Records from a collection:
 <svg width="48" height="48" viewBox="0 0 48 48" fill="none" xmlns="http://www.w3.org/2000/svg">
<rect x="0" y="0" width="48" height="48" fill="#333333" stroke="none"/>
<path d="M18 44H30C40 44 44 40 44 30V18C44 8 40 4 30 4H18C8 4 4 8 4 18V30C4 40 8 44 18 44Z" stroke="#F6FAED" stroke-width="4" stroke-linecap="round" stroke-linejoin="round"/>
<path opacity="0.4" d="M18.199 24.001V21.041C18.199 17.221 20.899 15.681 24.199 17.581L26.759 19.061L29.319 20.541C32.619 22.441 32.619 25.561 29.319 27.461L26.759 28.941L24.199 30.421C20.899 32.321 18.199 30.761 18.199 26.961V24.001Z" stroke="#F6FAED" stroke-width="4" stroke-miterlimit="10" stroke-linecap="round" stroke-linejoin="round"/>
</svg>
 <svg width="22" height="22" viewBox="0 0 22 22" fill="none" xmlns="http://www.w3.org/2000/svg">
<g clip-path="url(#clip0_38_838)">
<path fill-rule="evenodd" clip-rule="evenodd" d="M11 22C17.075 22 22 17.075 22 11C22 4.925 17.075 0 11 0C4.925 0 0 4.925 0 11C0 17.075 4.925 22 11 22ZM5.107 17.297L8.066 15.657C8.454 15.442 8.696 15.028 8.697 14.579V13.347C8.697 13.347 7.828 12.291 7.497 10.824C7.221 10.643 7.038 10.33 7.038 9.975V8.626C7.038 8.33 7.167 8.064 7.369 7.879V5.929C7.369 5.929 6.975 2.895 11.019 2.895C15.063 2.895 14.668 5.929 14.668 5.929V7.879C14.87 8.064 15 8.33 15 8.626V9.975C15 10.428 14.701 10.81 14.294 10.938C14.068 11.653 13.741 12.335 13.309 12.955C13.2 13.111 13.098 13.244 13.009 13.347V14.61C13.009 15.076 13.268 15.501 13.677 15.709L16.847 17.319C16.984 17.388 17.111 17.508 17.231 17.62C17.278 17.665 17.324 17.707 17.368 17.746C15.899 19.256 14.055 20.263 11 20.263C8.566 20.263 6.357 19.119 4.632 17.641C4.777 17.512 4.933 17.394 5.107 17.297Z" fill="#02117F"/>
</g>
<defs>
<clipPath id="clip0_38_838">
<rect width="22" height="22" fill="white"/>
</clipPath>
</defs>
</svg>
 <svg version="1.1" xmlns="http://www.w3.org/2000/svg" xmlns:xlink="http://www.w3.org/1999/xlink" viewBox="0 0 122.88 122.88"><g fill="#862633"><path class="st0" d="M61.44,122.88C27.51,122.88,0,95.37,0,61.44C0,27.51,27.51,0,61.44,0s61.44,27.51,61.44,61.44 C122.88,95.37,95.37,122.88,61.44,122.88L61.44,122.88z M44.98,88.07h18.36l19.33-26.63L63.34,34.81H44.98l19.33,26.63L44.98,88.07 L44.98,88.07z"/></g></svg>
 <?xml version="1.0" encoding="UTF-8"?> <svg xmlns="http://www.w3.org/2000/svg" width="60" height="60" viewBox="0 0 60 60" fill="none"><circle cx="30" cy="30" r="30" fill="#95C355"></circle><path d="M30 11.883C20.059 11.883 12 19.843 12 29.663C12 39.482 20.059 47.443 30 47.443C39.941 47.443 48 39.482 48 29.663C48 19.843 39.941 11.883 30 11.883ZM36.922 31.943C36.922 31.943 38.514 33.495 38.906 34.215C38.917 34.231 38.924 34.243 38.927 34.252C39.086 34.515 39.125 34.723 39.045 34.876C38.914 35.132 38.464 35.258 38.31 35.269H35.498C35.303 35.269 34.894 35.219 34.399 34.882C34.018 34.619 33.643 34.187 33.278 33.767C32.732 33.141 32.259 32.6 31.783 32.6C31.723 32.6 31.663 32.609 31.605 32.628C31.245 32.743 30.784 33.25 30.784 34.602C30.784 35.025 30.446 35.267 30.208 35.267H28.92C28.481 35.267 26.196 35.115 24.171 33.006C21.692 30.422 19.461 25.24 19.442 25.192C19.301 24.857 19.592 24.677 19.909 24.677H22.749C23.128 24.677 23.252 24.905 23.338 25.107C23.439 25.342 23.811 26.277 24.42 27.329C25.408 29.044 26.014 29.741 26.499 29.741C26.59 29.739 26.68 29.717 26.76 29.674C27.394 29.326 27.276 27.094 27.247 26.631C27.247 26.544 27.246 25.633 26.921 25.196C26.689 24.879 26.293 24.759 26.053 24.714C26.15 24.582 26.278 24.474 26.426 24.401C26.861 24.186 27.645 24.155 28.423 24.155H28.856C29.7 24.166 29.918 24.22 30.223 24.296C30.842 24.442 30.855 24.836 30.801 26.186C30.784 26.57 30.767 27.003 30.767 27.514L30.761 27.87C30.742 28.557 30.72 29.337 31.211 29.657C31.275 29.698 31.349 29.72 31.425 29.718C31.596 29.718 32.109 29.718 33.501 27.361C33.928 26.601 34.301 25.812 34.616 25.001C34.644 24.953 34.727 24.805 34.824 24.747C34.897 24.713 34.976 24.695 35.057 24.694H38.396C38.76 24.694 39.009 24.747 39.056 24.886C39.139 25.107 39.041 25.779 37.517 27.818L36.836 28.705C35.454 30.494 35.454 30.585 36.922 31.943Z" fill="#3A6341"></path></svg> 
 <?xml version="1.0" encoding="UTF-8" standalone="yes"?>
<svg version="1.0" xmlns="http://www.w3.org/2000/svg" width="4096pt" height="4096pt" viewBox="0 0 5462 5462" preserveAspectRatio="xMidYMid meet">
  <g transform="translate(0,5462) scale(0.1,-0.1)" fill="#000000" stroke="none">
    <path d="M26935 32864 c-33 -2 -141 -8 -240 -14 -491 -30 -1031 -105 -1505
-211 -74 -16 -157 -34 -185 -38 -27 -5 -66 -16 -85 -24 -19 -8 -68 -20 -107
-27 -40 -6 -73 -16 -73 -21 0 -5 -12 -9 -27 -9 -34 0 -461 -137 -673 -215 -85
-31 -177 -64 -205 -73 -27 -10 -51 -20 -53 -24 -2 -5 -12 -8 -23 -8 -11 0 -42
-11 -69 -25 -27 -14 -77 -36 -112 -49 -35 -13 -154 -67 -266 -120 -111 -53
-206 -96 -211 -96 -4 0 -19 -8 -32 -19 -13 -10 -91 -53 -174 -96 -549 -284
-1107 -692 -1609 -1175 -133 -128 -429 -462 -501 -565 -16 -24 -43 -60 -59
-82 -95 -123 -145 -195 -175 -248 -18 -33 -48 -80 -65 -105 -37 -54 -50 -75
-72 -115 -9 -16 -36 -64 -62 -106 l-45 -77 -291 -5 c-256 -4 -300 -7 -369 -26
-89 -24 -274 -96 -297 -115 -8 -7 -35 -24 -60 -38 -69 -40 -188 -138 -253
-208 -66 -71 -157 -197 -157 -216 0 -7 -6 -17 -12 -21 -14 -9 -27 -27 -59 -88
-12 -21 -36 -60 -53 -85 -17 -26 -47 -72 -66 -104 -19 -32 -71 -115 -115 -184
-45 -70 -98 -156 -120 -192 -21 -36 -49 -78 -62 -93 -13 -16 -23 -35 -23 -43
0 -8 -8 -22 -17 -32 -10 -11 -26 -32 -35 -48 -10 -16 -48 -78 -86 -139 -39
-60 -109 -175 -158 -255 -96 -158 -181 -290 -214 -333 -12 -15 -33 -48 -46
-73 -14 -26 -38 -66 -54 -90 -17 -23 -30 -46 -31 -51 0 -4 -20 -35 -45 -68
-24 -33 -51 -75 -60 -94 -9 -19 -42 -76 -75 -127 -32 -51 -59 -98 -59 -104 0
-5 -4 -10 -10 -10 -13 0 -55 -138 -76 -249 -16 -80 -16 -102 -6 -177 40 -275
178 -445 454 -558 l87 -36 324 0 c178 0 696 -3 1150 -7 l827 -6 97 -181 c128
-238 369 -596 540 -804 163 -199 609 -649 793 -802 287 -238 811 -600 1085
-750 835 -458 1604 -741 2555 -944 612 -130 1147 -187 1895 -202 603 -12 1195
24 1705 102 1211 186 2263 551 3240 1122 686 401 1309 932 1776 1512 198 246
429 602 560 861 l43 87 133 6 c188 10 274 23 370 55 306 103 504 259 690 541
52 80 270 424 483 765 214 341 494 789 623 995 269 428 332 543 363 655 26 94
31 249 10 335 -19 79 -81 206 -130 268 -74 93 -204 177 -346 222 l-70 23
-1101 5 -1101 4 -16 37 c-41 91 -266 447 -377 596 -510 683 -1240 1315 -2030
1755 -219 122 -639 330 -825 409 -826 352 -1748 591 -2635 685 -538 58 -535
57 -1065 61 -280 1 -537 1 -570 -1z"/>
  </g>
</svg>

Required work: Write out the records above exactly, from the opening line to the line with "44H30C40 44 44", including both, with nothing added.

Result of this task:
 <svg width="48" height="48" viewBox="0 0 48 48" fill="none" xmlns="http://www.w3.org/2000/svg">
<rect x="0" y="0" width="48" height="48" fill="#333333" stroke="none"/>
<path d="M18 44H30C40 44 44 40 44 30V18C44 8 40 4 30 4H18C8 4 4 8 4 18V30C4 40 8 44 18 44Z" stroke="#F6FAED" stroke-width="4" stroke-linecap="round" stroke-linejoin="round"/>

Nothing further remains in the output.